You need a way to add capabilities that:

  • Loads only when relevant
  • Doesn’t pollute the main context with irrelevant content
  • Can be triggered automatically or explicitly, depending on the use case

That’s exactly what the three mechanisms provide, each in a different way.


The Three Mechanisms


Subagent Topology

Skills — Auto-Invoked Context

Skills are the mechanism for capabilities you want the agent to apply automatically, without you having to ask each time.

A skill is a folder containing a SKILL.md file. The key field is the description — a natural language sentence describing when this skill is relevant. When you start a task, Claude reviews the descriptions of all available skills and loads the full content of any that match.

.claude/skills/
└── pr-review/
    ├── SKILL.md          ← the main file Claude loads
    ├── checklist.md      ← supporting content SKILL.md can reference
    └── examples/         ← example reviews for context

The SKILL.md frontmatter looks like this:

---
name: pr-review
description: >
  Load when the user asks to review a pull request, check code changes,
  or audit a diff. Provides team conventions and review checklist.
---

When you say “can you review this PR?”, Claude matches the task description to the skill description and automatically loads the full skill content — the checklist, the conventions, the examples. You didn’t type /pr-review. You didn’t mention the skill at all.

Skills vs CLAUDE.md

The difference is scope. CLAUDE.md is always-on — it loads at every session start regardless of what you’re doing. Skills are on-demand — they load only when relevant.
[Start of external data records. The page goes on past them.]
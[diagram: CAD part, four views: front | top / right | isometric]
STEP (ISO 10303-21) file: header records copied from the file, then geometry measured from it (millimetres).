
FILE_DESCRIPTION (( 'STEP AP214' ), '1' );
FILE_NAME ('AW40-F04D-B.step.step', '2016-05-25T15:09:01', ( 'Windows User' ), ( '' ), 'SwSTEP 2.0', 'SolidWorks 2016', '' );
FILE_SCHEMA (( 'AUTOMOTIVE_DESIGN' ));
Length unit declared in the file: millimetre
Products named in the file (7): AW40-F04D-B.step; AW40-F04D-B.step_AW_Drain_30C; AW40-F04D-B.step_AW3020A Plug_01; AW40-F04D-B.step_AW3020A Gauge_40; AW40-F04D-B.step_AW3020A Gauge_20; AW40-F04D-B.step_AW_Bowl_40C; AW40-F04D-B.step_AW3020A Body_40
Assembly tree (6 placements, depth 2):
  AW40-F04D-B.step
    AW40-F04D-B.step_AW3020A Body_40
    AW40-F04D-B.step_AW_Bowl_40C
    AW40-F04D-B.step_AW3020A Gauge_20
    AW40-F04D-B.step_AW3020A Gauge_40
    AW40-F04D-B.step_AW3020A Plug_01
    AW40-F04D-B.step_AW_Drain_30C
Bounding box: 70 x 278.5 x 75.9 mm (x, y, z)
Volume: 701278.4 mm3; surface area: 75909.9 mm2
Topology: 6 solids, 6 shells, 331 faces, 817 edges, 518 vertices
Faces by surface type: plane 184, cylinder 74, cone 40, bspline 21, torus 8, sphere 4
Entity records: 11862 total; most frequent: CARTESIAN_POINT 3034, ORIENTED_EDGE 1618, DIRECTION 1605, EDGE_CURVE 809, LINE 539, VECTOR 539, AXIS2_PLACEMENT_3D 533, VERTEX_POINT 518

Put universal conventions in CLAUDE.md. Put specialised workflows in skills. If you find yourself writing a section in CLAUDE.md that only applies to 20% of your sessions, move it to a skill.

One honest caveat

Skill auto-invocation is not perfectly reliable. Research from the Claude Code community has found that basic intent matching achieves roughly a 20% success rate without careful description writing. The fix: write very specific, concrete descriptions. Don’t write “helps with code quality” — write “load when the user asks to run linting, fix ESLint errors, or check code style.” The more specific, the more reliable.

When you need guaranteed invocation, use a Slash Command instead.
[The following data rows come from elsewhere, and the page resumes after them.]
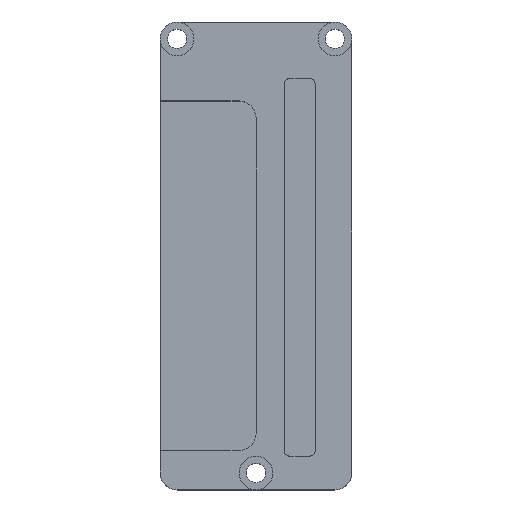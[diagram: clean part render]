
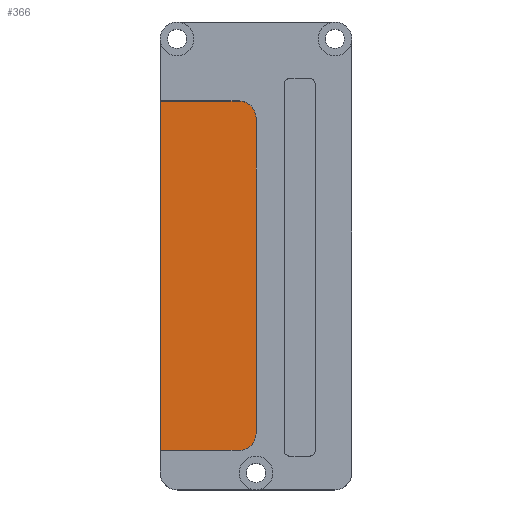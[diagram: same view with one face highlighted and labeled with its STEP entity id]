
A CAD part, top view. The second image highlights one B-rep face of the part: STEP entity #366.
In plain terms, the highlighted planar face has unit normal (0, 0, 1).
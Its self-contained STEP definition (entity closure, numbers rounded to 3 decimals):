
#7 = DIRECTION ( 'NONE',  ( 0., 0., 1. ) ) ;
#22 = VECTOR ( 'NONE', #604, 1000. ) ;
#27 = VECTOR ( 'NONE', #1123, 1000. ) ;
#53 = VECTOR ( 'NONE', #754, 1000. ) ;
#59 = VERTEX_POINT ( 'NONE', #629 ) ;
#151 = DIRECTION ( 'NONE',  ( 0., 0., 1. ) ) ;
#158 = CARTESIAN_POINT ( 'NONE',  ( 14., 69., 2. ) ) ;
#173 = EDGE_LOOP ( 'NONE', ( #541, #914, #1026, #1128, #1002, #920 ) ) ;
#190 = DIRECTION ( 'NONE',  ( -1., 0., 0. ) ) ;
#208 = CARTESIAN_POINT ( 'NONE',  ( 14., 69., 2. ) ) ;
#224 = LINE ( 'NONE', #1103, #22 ) ;
#261 = DIRECTION ( 'NONE',  ( 0., 1., 0. ) ) ;
#307 = DIRECTION ( 'NONE',  ( 0., 0., -1. ) ) ;
#326 = AXIS2_PLACEMENT_3D ( 'NONE', #727, #151, #442 ) ;
#366 = ADVANCED_FACE ( 'NONE', ( #576 ), #1180, .F. ) ;
#442 = DIRECTION ( 'NONE',  ( -1., 0., 0. ) ) ;
#490 = EDGE_CURVE ( 'NONE', #844, #701, #539, .T. ) ;
#496 = CARTESIAN_POINT ( 'NONE',  ( 14., 10., 2. ) ) ;
#539 = LINE ( 'NONE', #745, #991 ) ;
#541 = ORIENTED_EDGE ( 'NONE', *, *, #808, .T. ) ;
#548 = VERTEX_POINT ( 'NONE', #208 ) ;
#576 = FACE_OUTER_BOUND ( 'NONE', #173, .T. ) ;
#587 = EDGE_CURVE ( 'NONE', #1096, #844, #1081, .T. ) ;
#604 = DIRECTION ( 'NONE',  ( 0., -1., 0. ) ) ;
#629 = CARTESIAN_POINT ( 'NONE',  ( 0., 7., 2. ) ) ;
#648 = CIRCLE ( 'NONE', #326, 3. ) ;
#701 = VERTEX_POINT ( 'NONE', #1243 ) ;
#723 = CARTESIAN_POINT ( 'NONE',  ( 14., 7., 2. ) ) ;
#727 = CARTESIAN_POINT ( 'NONE',  ( 14., 66., 2. ) ) ;
#745 = CARTESIAN_POINT ( 'NONE',  ( 17., 66., 2. ) ) ;
#754 = DIRECTION ( 'NONE',  ( -1., 0., 0. ) ) ;
#795 = AXIS2_PLACEMENT_3D ( 'NONE', #878, #7, #1082 ) ;
#804 = CARTESIAN_POINT ( 'NONE',  ( 17., 10., 2. ) ) ;
#808 = EDGE_CURVE ( 'NONE', #899, #59, #224, .T. ) ;
#844 = VERTEX_POINT ( 'NONE', #804 ) ;
#878 = CARTESIAN_POINT ( 'NONE',  ( 14., 10., 2. ) ) ;
#899 = VERTEX_POINT ( 'NONE', #995 ) ;
#914 = ORIENTED_EDGE ( 'NONE', *, *, #979, .T. ) ;
#920 = ORIENTED_EDGE ( 'NONE', *, *, #1113, .T. ) ;
#941 = CARTESIAN_POINT ( 'NONE',  ( 14., 7., 2. ) ) ;
#979 = EDGE_CURVE ( 'NONE', #59, #1096, #1219, .T. ) ;
#991 = VECTOR ( 'NONE', #261, 1000. ) ;
#995 = CARTESIAN_POINT ( 'NONE',  ( 0., 69., 2. ) ) ;
#1002 = ORIENTED_EDGE ( 'NONE', *, *, #1034, .T. ) ;
#1026 = ORIENTED_EDGE ( 'NONE', *, *, #587, .T. ) ;
#1034 = EDGE_CURVE ( 'NONE', #701, #548, #648, .T. ) ;
#1081 = CIRCLE ( 'NONE', #795, 3. ) ;
#1082 = DIRECTION ( 'NONE',  ( -1., 0., 0. ) ) ;
#1096 = VERTEX_POINT ( 'NONE', #941 ) ;
#1103 = CARTESIAN_POINT ( 'NONE',  ( 0., 69., 2. ) ) ;
#1113 = EDGE_CURVE ( 'NONE', #548, #899, #1239, .T. ) ;
#1123 = DIRECTION ( 'NONE',  ( 1., 0., 0. ) ) ;
#1128 = ORIENTED_EDGE ( 'NONE', *, *, #490, .T. ) ;
#1147 = AXIS2_PLACEMENT_3D ( 'NONE', #496, #307, #190 ) ;
#1180 = PLANE ( 'NONE',  #1147 ) ;
#1219 = LINE ( 'NONE', #723, #27 ) ;
#1239 = LINE ( 'NONE', #158, #53 ) ;
#1243 = CARTESIAN_POINT ( 'NONE',  ( 17., 66., 2. ) ) ;
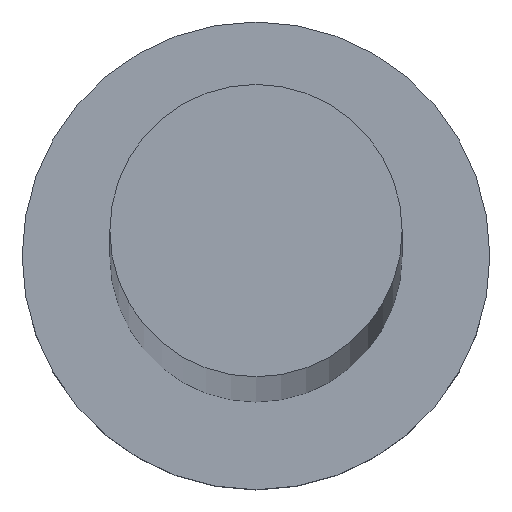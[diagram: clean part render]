
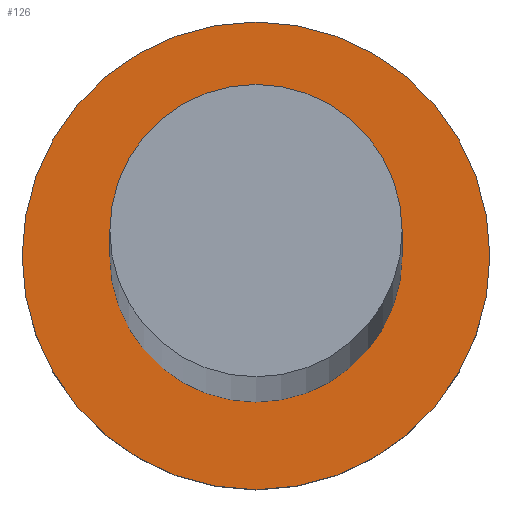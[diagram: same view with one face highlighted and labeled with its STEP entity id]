
A CAD part, top view. The second image highlights one B-rep face of the part: STEP entity #126.
In plain terms, the highlighted planar face has unit normal (0, 0, 1).
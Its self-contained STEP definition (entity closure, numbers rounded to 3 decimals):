
#1 = VERTEX_POINT ( 'NONE', #138 ) ;
#4 = DIRECTION ( 'NONE',  ( 0., 0., 1. ) ) ;
#5 = AXIS2_PLACEMENT_3D ( 'NONE', #100, #115, #183 ) ;
#29 = CARTESIAN_POINT ( 'NONE',  ( 0., 0., 5. ) ) ;
#38 = CARTESIAN_POINT ( 'NONE',  ( 0., 0., 5. ) ) ;
#49 = ORIENTED_EDGE ( 'NONE', *, *, #105, .F. ) ;
#53 = AXIS2_PLACEMENT_3D ( 'NONE', #160, #60, #141 ) ;
#57 = DIRECTION ( 'NONE',  ( 1., 0., 0. ) ) ;
#58 = DIRECTION ( 'NONE',  ( 0., 0., 1. ) ) ;
#59 = EDGE_CURVE ( 'NONE', #1, #197, #124, .T. ) ;
#60 = DIRECTION ( 'NONE',  ( 0., 0., 1. ) ) ;
#67 = AXIS2_PLACEMENT_3D ( 'NONE', #191, #58, #151 ) ;
#73 = EDGE_CURVE ( 'NONE', #197, #1, #129, .T. ) ;
#74 = CARTESIAN_POINT ( 'NONE',  ( -5., 0., 5. ) ) ;
#76 = CARTESIAN_POINT ( 'NONE',  ( 5., 0., 5. ) ) ;
#81 = CIRCLE ( 'NONE', #53, 5. ) ;
#89 = VERTEX_POINT ( 'NONE', #76 ) ;
#96 = EDGE_CURVE ( 'NONE', #89, #254, #81, .T. ) ;
#100 = CARTESIAN_POINT ( 'NONE',  ( 0., 0., 5. ) ) ;
#105 = EDGE_CURVE ( 'NONE', #254, #89, #185, .T. ) ;
#114 = CARTESIAN_POINT ( 'NONE',  ( 8., 0., 5. ) ) ;
#115 = DIRECTION ( 'NONE',  ( 0., 0., 1. ) ) ;
#116 = EDGE_LOOP ( 'NONE', ( #167, #156 ) ) ;
#124 = CIRCLE ( 'NONE', #5, 8. ) ;
#126 = ADVANCED_FACE ( 'NONE', ( #200, #219 ), #134, .T. ) ;
#129 = CIRCLE ( 'NONE', #180, 8. ) ;
#134 = PLANE ( 'NONE',  #220 ) ;
#138 = CARTESIAN_POINT ( 'NONE',  ( -8., 0., 5. ) ) ;
#141 = DIRECTION ( 'NONE',  ( 1., 0., 0. ) ) ;
#151 = DIRECTION ( 'NONE',  ( 1., 0., 0. ) ) ;
#153 = DIRECTION ( 'NONE',  ( 0., 0., 1. ) ) ;
#156 = ORIENTED_EDGE ( 'NONE', *, *, #73, .T. ) ;
#160 = CARTESIAN_POINT ( 'NONE',  ( 0., 0., 5. ) ) ;
#167 = ORIENTED_EDGE ( 'NONE', *, *, #59, .T. ) ;
#178 = ORIENTED_EDGE ( 'NONE', *, *, #96, .F. ) ;
#179 = DIRECTION ( 'NONE',  ( 1., 0., 0. ) ) ;
#180 = AXIS2_PLACEMENT_3D ( 'NONE', #29, #4, #179 ) ;
#183 = DIRECTION ( 'NONE',  ( 1., 0., 0. ) ) ;
#185 = CIRCLE ( 'NONE', #67, 5. ) ;
#191 = CARTESIAN_POINT ( 'NONE',  ( 0., 0., 5. ) ) ;
#197 = VERTEX_POINT ( 'NONE', #114 ) ;
#200 = FACE_BOUND ( 'NONE', #215, .T. ) ;
#215 = EDGE_LOOP ( 'NONE', ( #49, #178 ) ) ;
#219 = FACE_OUTER_BOUND ( 'NONE', #116, .T. ) ;
#220 = AXIS2_PLACEMENT_3D ( 'NONE', #38, #153, #57 ) ;
#254 = VERTEX_POINT ( 'NONE', #74 ) ;

Slash Commands — User-Triggered Macros

Slash Commands are saved prompts you trigger explicitly with /command-name. They’re the right choice when you want a repeatable, predictable workflow that you control — not one Claude decides to apply.
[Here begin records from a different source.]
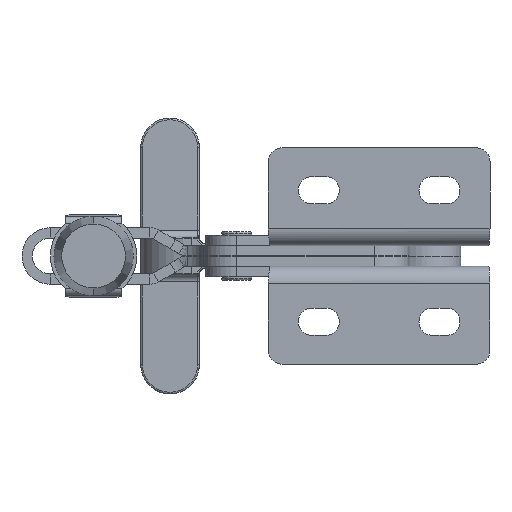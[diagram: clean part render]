
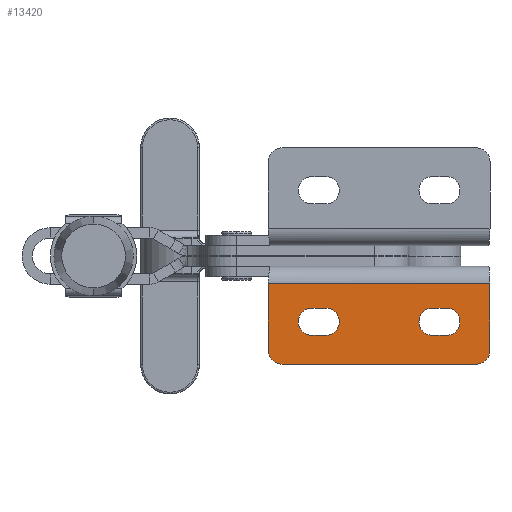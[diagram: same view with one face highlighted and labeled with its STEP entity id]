
A CAD part, front view. The second image highlights one B-rep face of the part: STEP entity #13420.
In plain terms, the highlighted planar face has unit normal (0, -1, 0).
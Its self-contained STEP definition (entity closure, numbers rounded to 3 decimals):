
#2381 = CARTESIAN_POINT ( 'NONE',  ( 60.3, -3., -28.35 ) ) ;
#2423 = CARTESIAN_POINT ( 'NONE',  ( 0., -3., -24.35 ) ) ;
#2433 = CARTESIAN_POINT ( 'NONE',  ( 51.65, -3., -12.1 ) ) ;
#2454 = CARTESIAN_POINT ( 'NONE',  ( 12.65, -3., -20. ) ) ;
#2464 = CARTESIAN_POINT ( 'NONE',  ( 64.3, -3., -24.35 ) ) ;
#2482 = CARTESIAN_POINT ( 'NONE',  ( 47.65, -3., -12.1 ) ) ;
#2496 = CARTESIAN_POINT ( 'NONE',  ( 64.3, -3., -5. ) ) ;
#2529 = CARTESIAN_POINT ( 'NONE',  ( 0., -3., -5. ) ) ;
#2535 = CARTESIAN_POINT ( 'NONE',  ( 47.65, -3., -20. ) ) ;
#2539 = CARTESIAN_POINT ( 'NONE',  ( 12.65, -3., -12.1 ) ) ;
#2546 = CARTESIAN_POINT ( 'NONE',  ( 16.65, -3., -20. ) ) ;
#2580 = CARTESIAN_POINT ( 'NONE',  ( 4., -3., -28.35 ) ) ;
#2615 = CARTESIAN_POINT ( 'NONE',  ( 16.65, -3., -12.1 ) ) ;
#2641 = CARTESIAN_POINT ( 'NONE',  ( 51.65, -3., -20. ) ) ;
#6366 = DIRECTION ( 'NONE',  ( 0., 0., -1. ) ) ;
#6368 = DIRECTION ( 'NONE',  ( 0., -1., 0. ) ) ;
#6373 = PLANE ( 'NONE',  #20915 ) ;
#6386 = CARTESIAN_POINT ( 'NONE',  ( 0., -3., 0. ) ) ;
#8872 = CARTESIAN_POINT ( 'NONE',  ( 0., -3., -5. ) ) ;
#8873 = DIRECTION ( 'NONE',  ( -1., 0., 0. ) ) ;
#12908 = DIRECTION ( 'NONE',  ( 0., 0., 1. ) ) ;
#12909 = DIRECTION ( 'NONE',  ( 0., 1., 0. ) ) ;
#12910 = CARTESIAN_POINT ( 'NONE',  ( 16.65, -3., -16.05 ) ) ;
#12913 = DIRECTION ( 'NONE',  ( 1., 0., 0. ) ) ;
#12914 = CARTESIAN_POINT ( 'NONE',  ( 0., -3., -28.35 ) ) ;
#12915 = DIRECTION ( 'NONE',  ( 0., 0., -1. ) ) ;
#12916 = CARTESIAN_POINT ( 'NONE',  ( 0., -3., -3. ) ) ;
#12917 = DIRECTION ( 'NONE',  ( 1., 0., 0. ) ) ;
#12918 = CARTESIAN_POINT ( 'NONE',  ( 12.65, -3., -20. ) ) ;
#12919 = DIRECTION ( 'NONE',  ( 0., 0., 1. ) ) ;
#12920 = DIRECTION ( 'NONE',  ( -1., 0., 0. ) ) ;
#12921 = CARTESIAN_POINT ( 'NONE',  ( 64.3, -3., -28.35 ) ) ;
#12923 = DIRECTION ( 'NONE',  ( 0., 0., 1. ) ) ;
#12924 = CARTESIAN_POINT ( 'NONE',  ( 47.65, -3., -20. ) ) ;
#12925 = DIRECTION ( 'NONE',  ( 0., 1., 0. ) ) ;
#12926 = CARTESIAN_POINT ( 'NONE',  ( 12.65, -3., -12.1 ) ) ;
#12927 = CARTESIAN_POINT ( 'NONE',  ( 60.3, -3., -24.35 ) ) ;
#12928 = DIRECTION ( 'NONE',  ( 0., 0., -1. ) ) ;
#12931 = CARTESIAN_POINT ( 'NONE',  ( 12.65, -3., -16.05 ) ) ;
#12932 = DIRECTION ( 'NONE',  ( 0., -1., 0. ) ) ;
#12933 = DIRECTION ( 'NONE',  ( 0., 1., 0. ) ) ;
#12934 = DIRECTION ( 'NONE',  ( -1., 0., 0. ) ) ;
#12936 = DIRECTION ( 'NONE',  ( 0., 0., 1. ) ) ;
#12938 = DIRECTION ( 'NONE',  ( 0., 0., -1. ) ) ;
#12940 = CARTESIAN_POINT ( 'NONE',  ( 47.65, -3., -12.1 ) ) ;
#12948 = DIRECTION ( 'NONE',  ( 1., 0., 0. ) ) ;
#12949 = DIRECTION ( 'NONE',  ( 0., 0., 1. ) ) ;
#12950 = CARTESIAN_POINT ( 'NONE',  ( 51.65, -3., -16.05 ) ) ;
#12951 = DIRECTION ( 'NONE',  ( 0., -1., 0. ) ) ;
#12958 = CARTESIAN_POINT ( 'NONE',  ( 4., -3., -24.35 ) ) ;
#12964 = CARTESIAN_POINT ( 'NONE',  ( 47.65, -3., -16.05 ) ) ;
#12965 = DIRECTION ( 'NONE',  ( 0., 1., 0. ) ) ;
#13420 = ADVANCED_FACE ( 'NONE', ( #25198, #25204, #25199 ), #6373, .T. ) ;
#13601 = EDGE_CURVE ( 'NONE', #29105, #29078, #25457, .T. ) ;
#13604 = EDGE_CURVE ( 'NONE', #29078, #29052, #25460, .T. ) ;
#13606 = EDGE_CURVE ( 'NONE', #29047, #29129, #25463, .T. ) ;
#13608 = EDGE_CURVE ( 'NONE', #29052, #29161, #25468, .T. ) ;
#13610 = EDGE_CURVE ( 'NONE', #29161, #29105, #25472, .T. ) ;
#13612 = EDGE_CURVE ( 'NONE', #29025, #29068, #25469, .T. ) ;
#13613 = EDGE_CURVE ( 'NONE', #29068, #29085, #25477, .T. ) ;
#13614 = EDGE_CURVE ( 'NONE', #29063, #29107, #25478, .T. ) ;
#13616 = EDGE_CURVE ( 'NONE', #29107, #29147, #25480, .T. ) ;
#13617 = EDGE_CURVE ( 'NONE', #29102, #29047, #25483, .T. ) ;
#13618 = EDGE_CURVE ( 'NONE', #29129, #29025, #25485, .T. ) ;
#13619 = EDGE_CURVE ( 'NONE', #29147, #29112, #25487, .T. ) ;
#13620 = EDGE_CURVE ( 'NONE', #29112, #29063, #25489, .T. ) ;
#14057 = EDGE_CURVE ( 'NONE', #29085, #29102, #26068, .T. ) ;
#15983 = ORIENTED_EDGE ( 'NONE', *, *, #13606, .T. ) ;
#15984 = ORIENTED_EDGE ( 'NONE', *, *, #13617, .T. ) ;
#15985 = ORIENTED_EDGE ( 'NONE', *, *, #14057, .T. ) ;
#15986 = ORIENTED_EDGE ( 'NONE', *, *, #13613, .T. ) ;
#15987 = ORIENTED_EDGE ( 'NONE', *, *, #13612, .T. ) ;
#15988 = ORIENTED_EDGE ( 'NONE', *, *, #13618, .T. ) ;
#15989 = ORIENTED_EDGE ( 'NONE', *, *, #13620, .T. ) ;
#15990 = ORIENTED_EDGE ( 'NONE', *, *, #13619, .T. ) ;
#15991 = ORIENTED_EDGE ( 'NONE', *, *, #13616, .T. ) ;
#15992 = ORIENTED_EDGE ( 'NONE', *, *, #13614, .T. ) ;
#15993 = ORIENTED_EDGE ( 'NONE', *, *, #13610, .T. ) ;
#15994 = ORIENTED_EDGE ( 'NONE', *, *, #13608, .T. ) ;
#15995 = ORIENTED_EDGE ( 'NONE', *, *, #13604, .T. ) ;
#15996 = ORIENTED_EDGE ( 'NONE', *, *, #13601, .T. ) ;
#18072 = EDGE_LOOP ( 'NONE', ( #15992, #15991, #15990, #15989 ) ) ;
#18154 = EDGE_LOOP ( 'NONE', ( #15996, #15995, #15994, #15993 ) ) ;
#18171 = EDGE_LOOP ( 'NONE', ( #15988, #15987, #15986, #15985, #15984, #15983 ) ) ;
#20915 = AXIS2_PLACEMENT_3D ( 'NONE', #6386, #6368, #6366 ) ;
#25198 = FACE_BOUND ( 'NONE', #18154, .T. ) ;
#25199 = FACE_OUTER_BOUND ( 'NONE', #18171, .T. ) ;
#25204 = FACE_BOUND ( 'NONE', #18072, .T. ) ;
#25457 = CIRCLE ( 'NONE', #26264, 3.95 ) ;
#25460 = LINE ( 'NONE', #12940, #25465 ) ;
#25463 = CIRCLE ( 'NONE', #26267, 4. ) ;
#25465 = VECTOR ( 'NONE', #12948, 1000. ) ;
#25468 = CIRCLE ( 'NONE', #26268, 3.95 ) ;
#25469 = CIRCLE ( 'NONE', #26270, 4. ) ;
#25472 = LINE ( 'NONE', #12924, #25475 ) ;
#25475 = VECTOR ( 'NONE', #12920, 1000. ) ;
#25477 = LINE ( 'NONE', #12921, #25479 ) ;
#25478 = CIRCLE ( 'NONE', #26271, 3.95 ) ;
#25479 = VECTOR ( 'NONE', #12919, 1000. ) ;
#25480 = LINE ( 'NONE', #12926, #25484 ) ;
#25483 = LINE ( 'NONE', #12916, #25486 ) ;
#25484 = VECTOR ( 'NONE', #12917, 1000. ) ;
#25485 = LINE ( 'NONE', #12914, #25488 ) ;
#25486 = VECTOR ( 'NONE', #12915, 1000. ) ;
#25487 = CIRCLE ( 'NONE', #26272, 3.95 ) ;
#25488 = VECTOR ( 'NONE', #12913, 1000. ) ;
#25489 = LINE ( 'NONE', #12918, #25491 ) ;
#25491 = VECTOR ( 'NONE', #12934, 1000. ) ;
#26068 = LINE ( 'NONE', #8872, #26092 ) ;
#26092 = VECTOR ( 'NONE', #8873, 1000. ) ;
#26264 = AXIS2_PLACEMENT_3D ( 'NONE', #12964, #12965, #12949 ) ;
#26267 = AXIS2_PLACEMENT_3D ( 'NONE', #12958, #12951, #12938 ) ;
#26268 = AXIS2_PLACEMENT_3D ( 'NONE', #12950, #12933, #12923 ) ;
#26270 = AXIS2_PLACEMENT_3D ( 'NONE', #12927, #12932, #12928 ) ;
#26271 = AXIS2_PLACEMENT_3D ( 'NONE', #12931, #12925, #12936 ) ;
#26272 = AXIS2_PLACEMENT_3D ( 'NONE', #12910, #12909, #12908 ) ;
#29025 = VERTEX_POINT ( 'NONE', #2381 ) ;
#29047 = VERTEX_POINT ( 'NONE', #2423 ) ;
#29052 = VERTEX_POINT ( 'NONE', #2433 ) ;
#29063 = VERTEX_POINT ( 'NONE', #2454 ) ;
#29068 = VERTEX_POINT ( 'NONE', #2464 ) ;
#29078 = VERTEX_POINT ( 'NONE', #2482 ) ;
#29085 = VERTEX_POINT ( 'NONE', #2496 ) ;
#29102 = VERTEX_POINT ( 'NONE', #2529 ) ;
#29105 = VERTEX_POINT ( 'NONE', #2535 ) ;
#29107 = VERTEX_POINT ( 'NONE', #2539 ) ;
#29112 = VERTEX_POINT ( 'NONE', #2546 ) ;
#29129 = VERTEX_POINT ( 'NONE', #2580 ) ;
#29147 = VERTEX_POINT ( 'NONE', #2615 ) ;
#29161 = VERTEX_POINT ( 'NONE', #2641 ) ;

A command is a single Markdown file:

.claude/commands/
└── review-pr.md    ← becomes the /review-pr command

Where you save it determines where you can use it:

  • .claude/commands/ in your project → available in this project only
  • ~/.claude/commands/ globally → available in every project on your machine

The content of the file is the prompt that gets injected into the main context when you run the command. It can include instructions, context, and even instructions to invoke other mechanisms:

# PR Review

You are reviewing a pull request. Follow these steps:

1. Run `git diff main` and read the changed files
2. Invoke the @security-auditor subagent to check for vulnerabilities
3. Apply the pr-review skill conventions
4. Return a structured report with: summary, risks, suggestions

Arguments: $ARGUMENTS

The key difference from Skills

Slash Commands inject their content into the main context and run there. They’re deterministic — typing /review-pr always does the same thing. Skills are probabilistic — Claude decides whether to load them based on description matching. For anything you need to work every time, use a command.

Commands can orchestrate

The example above invokes a subagent and a skill from within the command. This is the composition pattern — a command acts as the entry point, and it wires together whichever pieces are needed.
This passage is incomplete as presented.